Please note, in the US, everything is <legal>, unless explicit made illegal by law (properly adjudicated). A law can be passed and found unconstitutional, rendering it null and void. It is not removed from the books, merely made legally unenforceable. This leads to many grey areas. They are presumed to be legal, unless later adjudicated and found to be illegal, at which point, (technically from the time of filing the case) the action would be illegal. As long as no case is adjudicated, and there is no explicit statue against it, it is legal. The issue of how many times a <legal> (Betamax decision) recording can be watched is undefined. One time is explicit. More than once is undefined. There is no explicit statue stating how many times, nor has the issue been adjudicated, therefore is must be presumed that there is no limit. If one disagrees with that interpretation, one is free to file suit, in the US, and make his/her legal argument that there is a limit of only one viewing is legal. Until then....it's legal...

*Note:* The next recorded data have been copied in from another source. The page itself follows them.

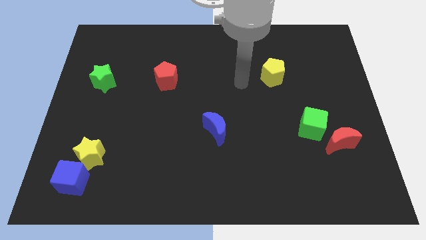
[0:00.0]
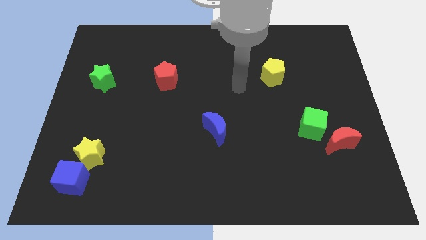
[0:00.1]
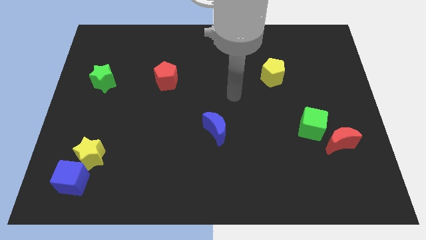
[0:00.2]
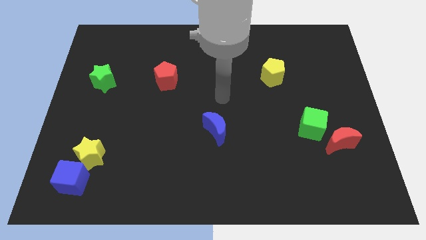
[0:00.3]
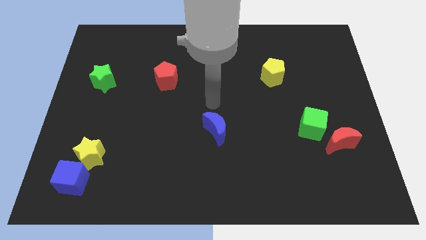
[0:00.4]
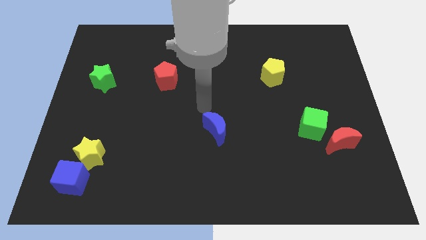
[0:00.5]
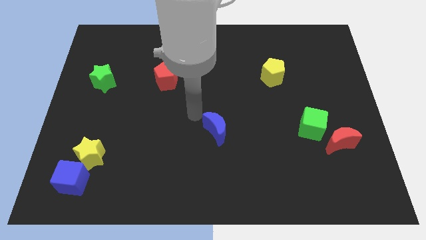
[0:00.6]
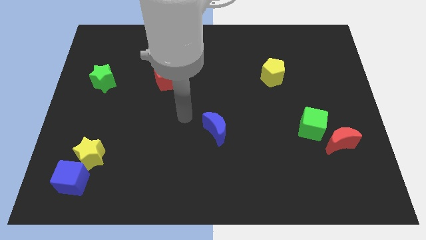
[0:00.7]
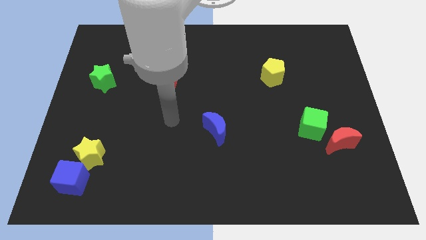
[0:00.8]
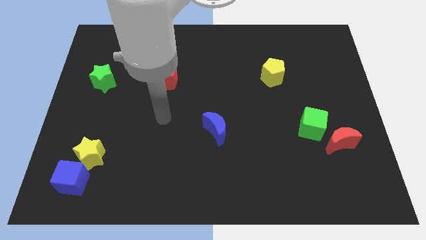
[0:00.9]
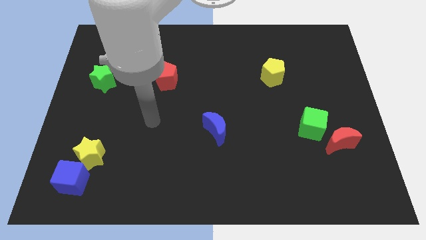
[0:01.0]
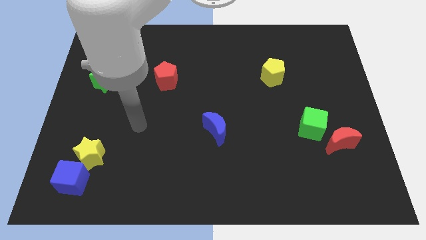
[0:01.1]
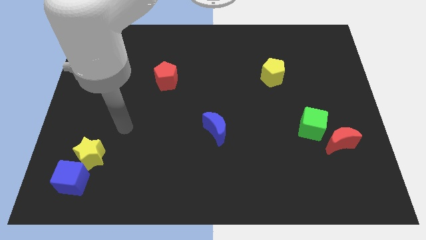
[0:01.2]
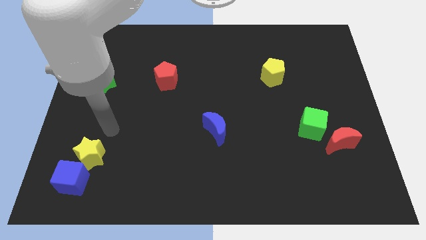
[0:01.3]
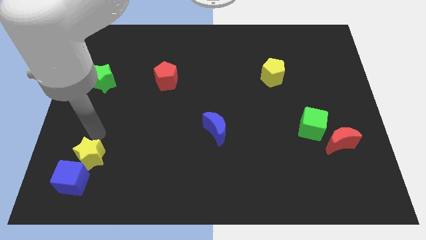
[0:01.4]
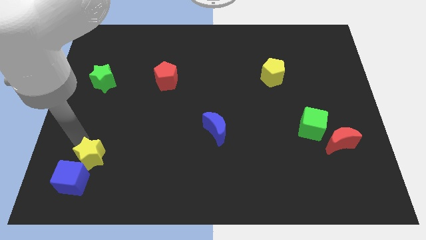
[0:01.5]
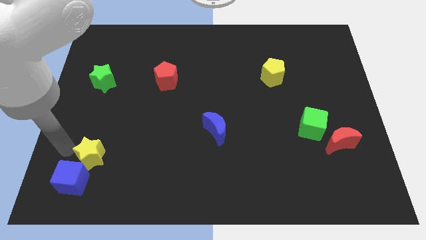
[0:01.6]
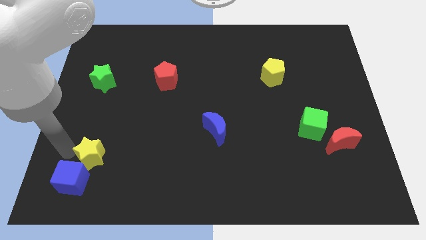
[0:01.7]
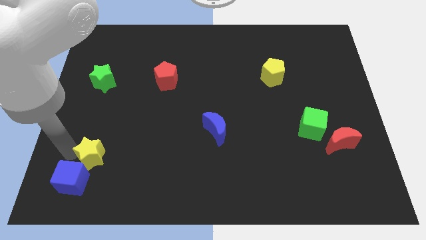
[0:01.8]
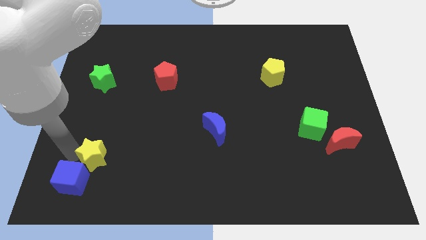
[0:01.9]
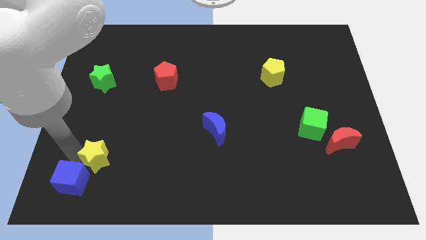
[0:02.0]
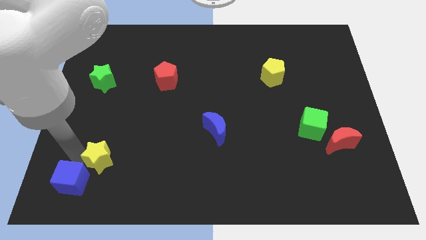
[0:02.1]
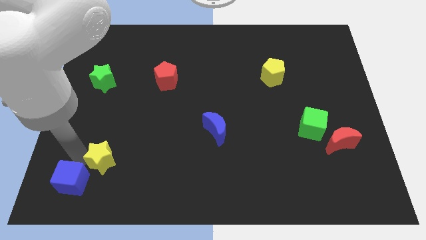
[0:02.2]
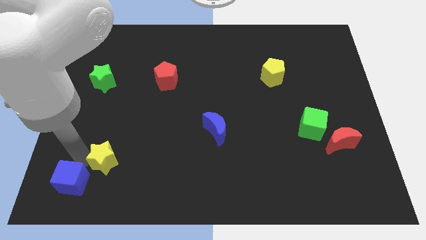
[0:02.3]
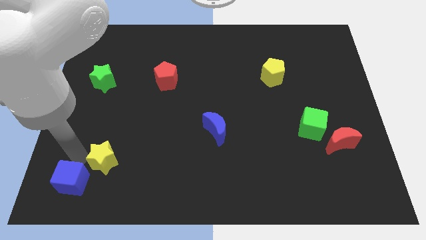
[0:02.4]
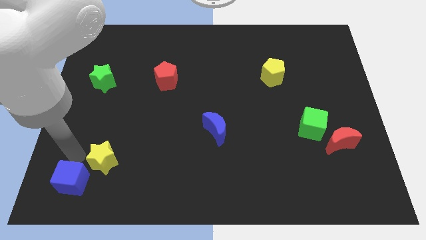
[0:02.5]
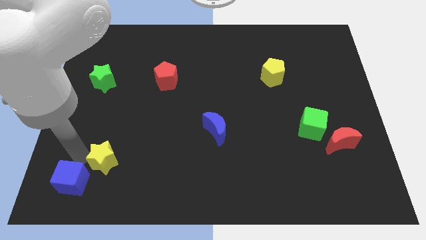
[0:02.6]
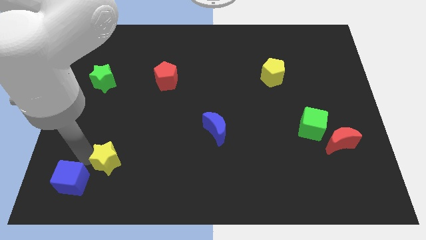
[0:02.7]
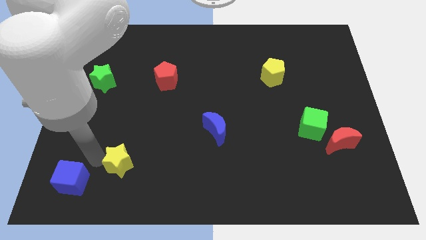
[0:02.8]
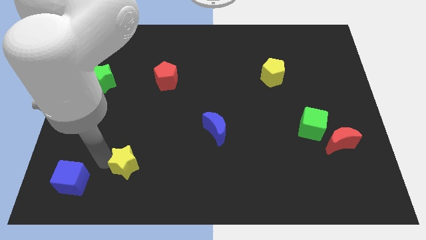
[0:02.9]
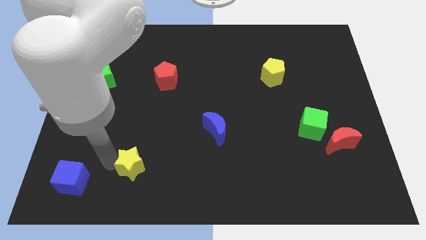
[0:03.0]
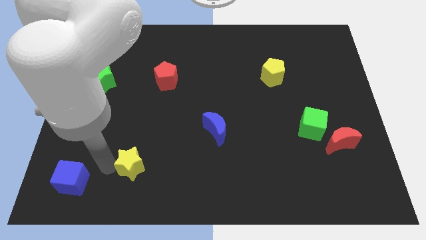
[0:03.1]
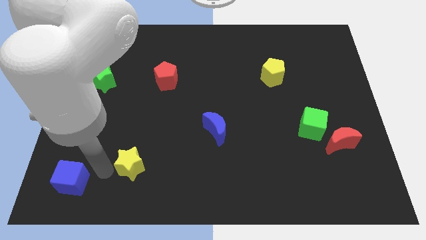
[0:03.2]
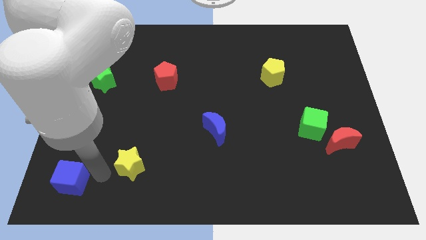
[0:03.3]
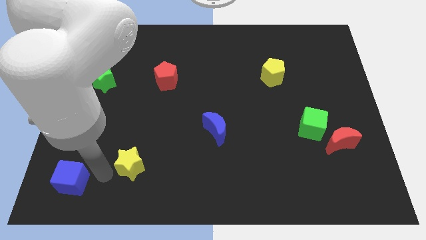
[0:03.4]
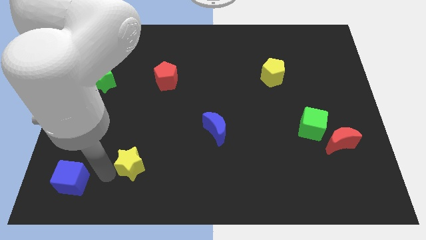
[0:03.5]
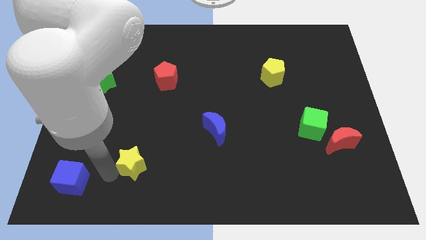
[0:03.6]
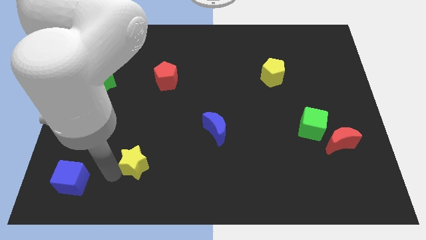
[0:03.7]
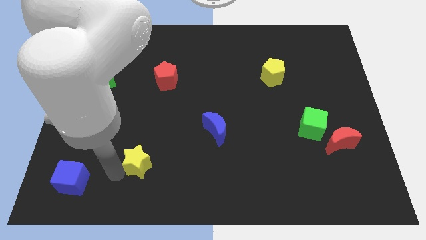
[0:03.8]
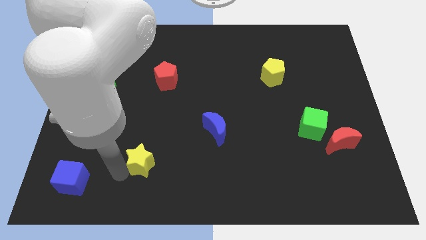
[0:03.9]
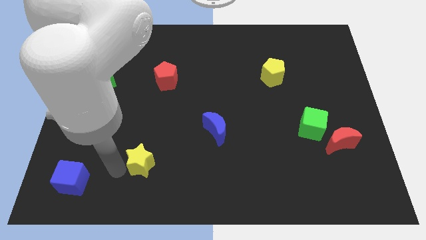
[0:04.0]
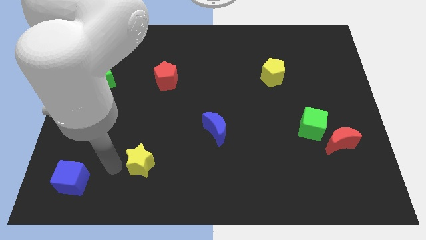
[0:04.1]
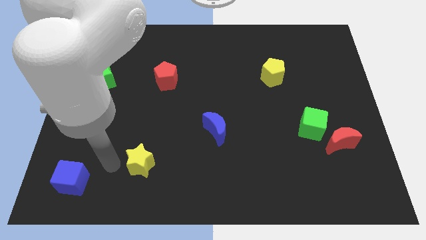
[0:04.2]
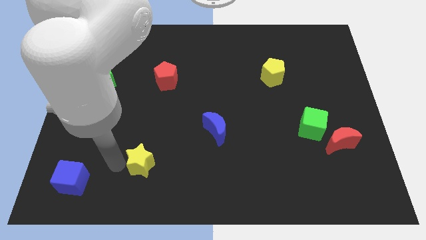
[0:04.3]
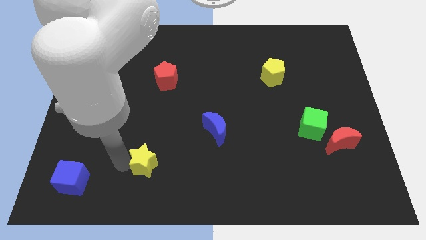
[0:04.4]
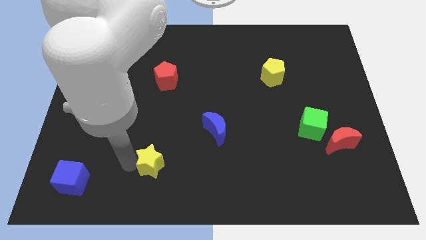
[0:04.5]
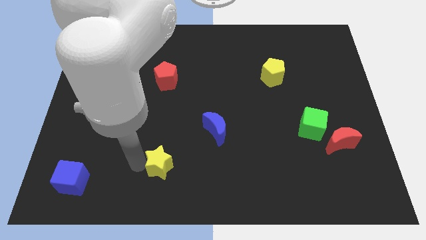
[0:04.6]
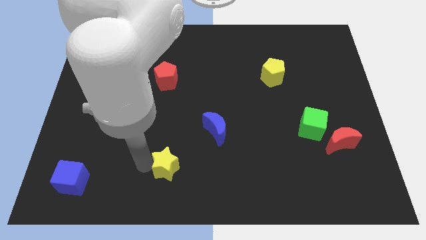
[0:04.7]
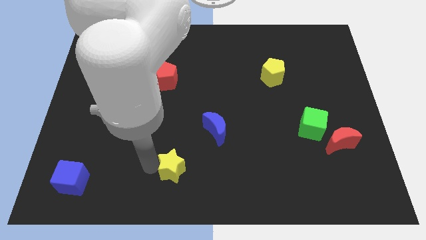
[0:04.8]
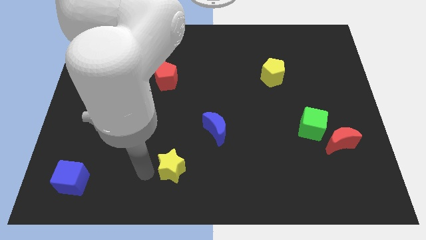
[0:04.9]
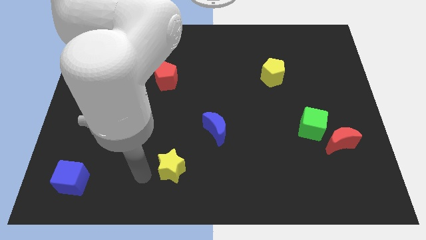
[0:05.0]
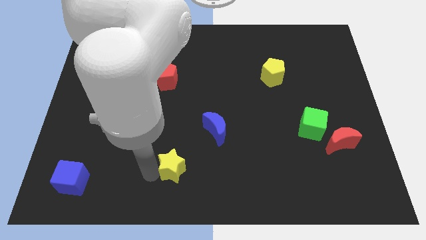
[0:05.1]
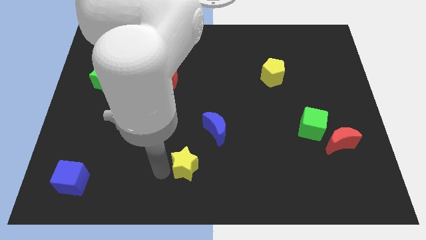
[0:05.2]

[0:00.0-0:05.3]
move the yellow star to the right

Consider the Betamax ruling. The MPAA <could> have sued all manufacturers for not selling recorders with a playback-once feature as part of the machine (per the Betamax ruling), using the ruling as legal reason for demanding the change (it was not technically unfeasable). Note the the MPAA <did not> file said lawsuit. Why? It wasn't lack of resources. If your argument was correct, it would have been an open-and-shut case. If it would be filed today, the question of why it took 35 years to file would be raised. So it won't be filed, and the dog will be left sleeping...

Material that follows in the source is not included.